Success and failure in secondary education

Socio-economic background effects on secondary school outcome in the Netherlands, 1927-1998

authored by
Nicole Tieben, Maarten Wolbers
Abstract

In the Netherlands, educational attainment is the result of a sequence of separate educational transitions. Because of the tracked nature of the Dutch educational system, students do not make binary stay-or-leave-decisions at each transition. After having entered one track of secondary education, students can change tracks during the entire secondary course. The initial track and the secondary school outcome therefore are incongruent for a significant proportion of the Dutch students. As social background partly predicts initial track placement, track changes and successful termination of the course, we suggest distinguishing conditional and unconditional effects of family background in the transition to secondary school outcome. This paper complements findings of previous research by taking into account the tracked structure of the Dutch educational system and the entire sequence of transitions in secondary education. For the empirical analysis, repeated cross-sections from the Family Survey Dutch Population (1992, 1998, 2000 and 2003) are used. Multinomial logistic regressions reveal that inequality in the outcome of secondary education is partly explained by the fact that initial track placement is socially selective and because this initial inequality is even enhanced by track changes during secondary education. The remaining 'conditional' effect of parental education, however, indicates that parental education works on top of this selection to prevent drop out. Inequality in secondary school outcome thus is a cumulative result of social background effects in a sequence of educational transitions throughout secondary education.
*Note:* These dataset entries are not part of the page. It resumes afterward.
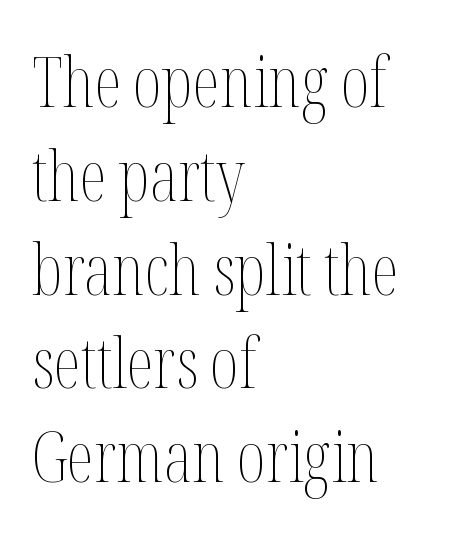
The letters sit at their default tracking, neither squeezed nor spread. Note the varied advance widths — an 'i' is clearly narrower than an 'm'. The type sits square on the baseline with zero lean. Horizontal alignment here is leftward, the default for most running prose. Letters have the restrained weight of plain body copy at most. Descender tails drop into unmarked territory.
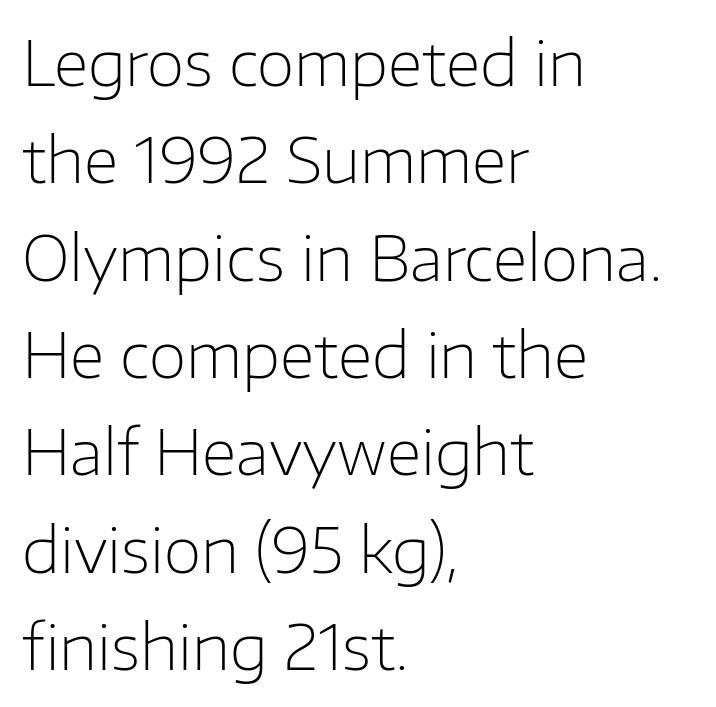
Note the varied advance widths — an 'i' is clearly narrower than an 'm'. Horizontally, the lines are justified to the leading edge only. No feet cap the strokes, marking this as sans-serif type. Heft: none added — not bold.
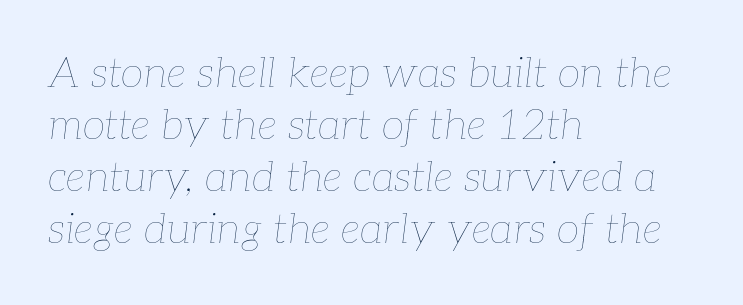
{"italic": "yes", "lean": "right", "slant_degrees": 7, "bold": "no", "weight": "thin", "width": "normal", "stroke_contrast": "low", "x_height": "medium", "monospaced": "no", "underline": "no", "align": "left", "line_spacing_ratio": 1.24, "letter_spacing": "normal", "letter_spacing_em": 0.0, "glyph_px": 42}
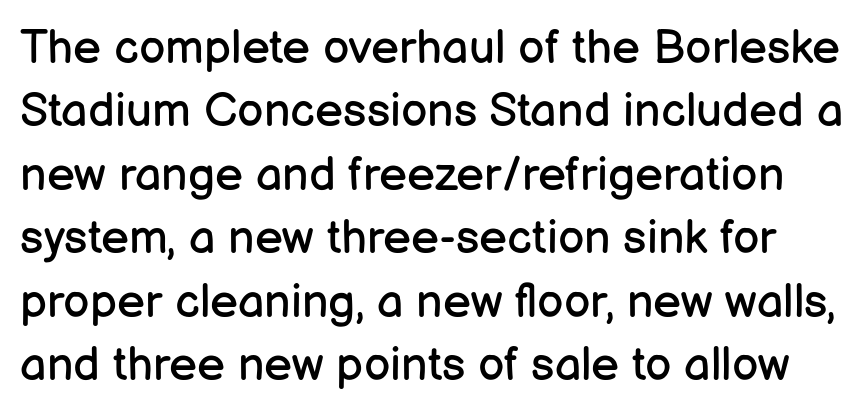
Q: Is the text bold? A: No.
Q: Is the text italic (slanted)? A: No, it is upright.
Q: Is the typeface a serif or a sans-serif typeface? A: Sans-serif.
Q: Is the text underlined? A: No.
Q: Is the spacing between letters normal or unusually wide? A: Normal.
Q: Is the spacing between lines tight, normal or loose? A: Normal.
Q: Width (condensed, normal, or wide)? A: Normal.
Q: Stroke contrast? A: Low.
Q: x-height? A: Medium.
Q: Monospaced? A: No.
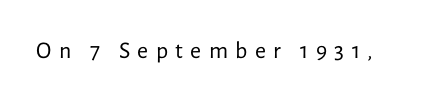
If you drew a line through each stem, it would be perfectly vertical. The letterforms sit at book weight or below. Glyph-to-glyph distance is far greater than everyday printed text. Has an underline been added? It has not.
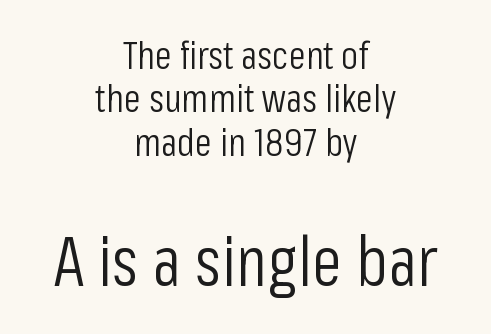
Caption: face not bold, strokes unweighted. Is this a sans? Yes — the strokes have no serifs. You could call the tracking neutral — neither tight nor loose. Does the copy run flush right? No — it is centered line by line.
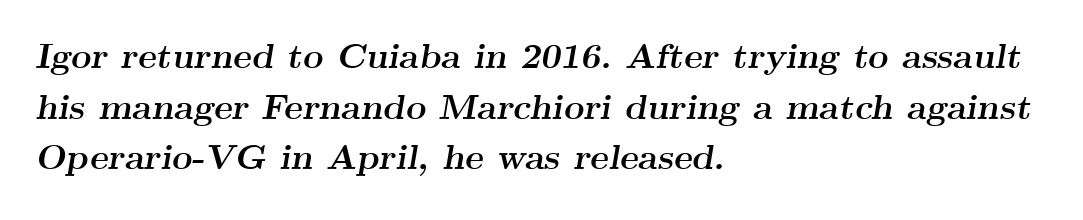
Here the glyphs are tracked normally, forming tight word shapes. The passage shown is typeset with a serif family. Horizontal alignment here is leftward, the default for most running prose. This sample uses an oblique cut, with every glyph tilted off the vertical. On the weight axis this lands at bold, roughly 700. A typesetter would call this leading conventional body-copy spacing.
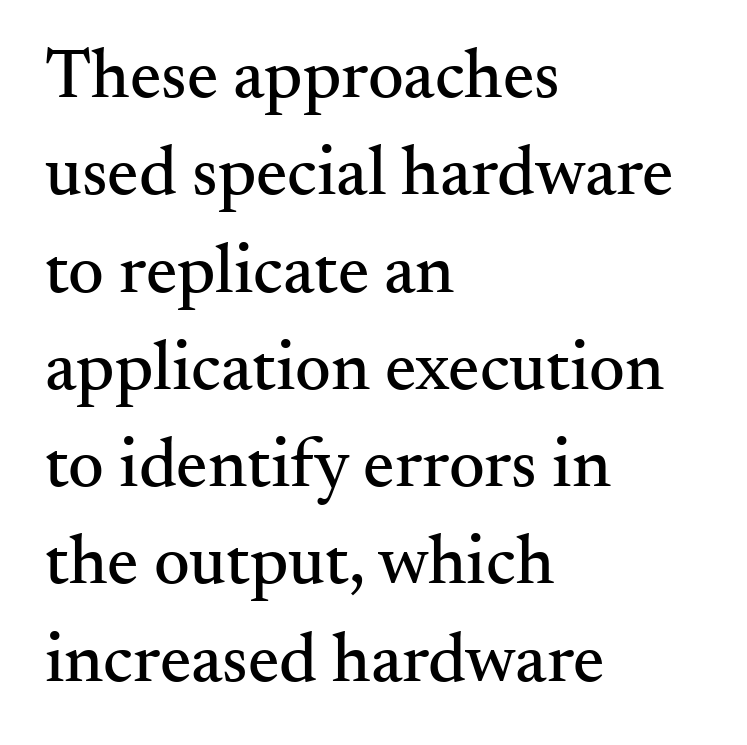
The image shows 70 px serif type, upright; set left-aligned, normal line spacing (1.39x), normal letter spacing, not underlined; medium stroke contrast and a small x-height.

Decreasing inequality over time is entirely explained by decreasing inequality in the transition from primary to secondary education.

Organisation(s)
Sociology Department
External Organisation(s)
University of Mannheim
Radboud University Nijmegen (RU)
Type
Article
Journal
British Journal of Sociology of Education
Volume
31
Pages
277-290
No. of pages
14
ISSN
0142-5692
Publication date
05.2010
Publication status
Published
Peer reviewed
Yes
ASJC Scopus subject areas
Education, Sociology and Political Science
Electronic version(s)
https://doi.org/10.1080/01425691003700516 (Access: Open)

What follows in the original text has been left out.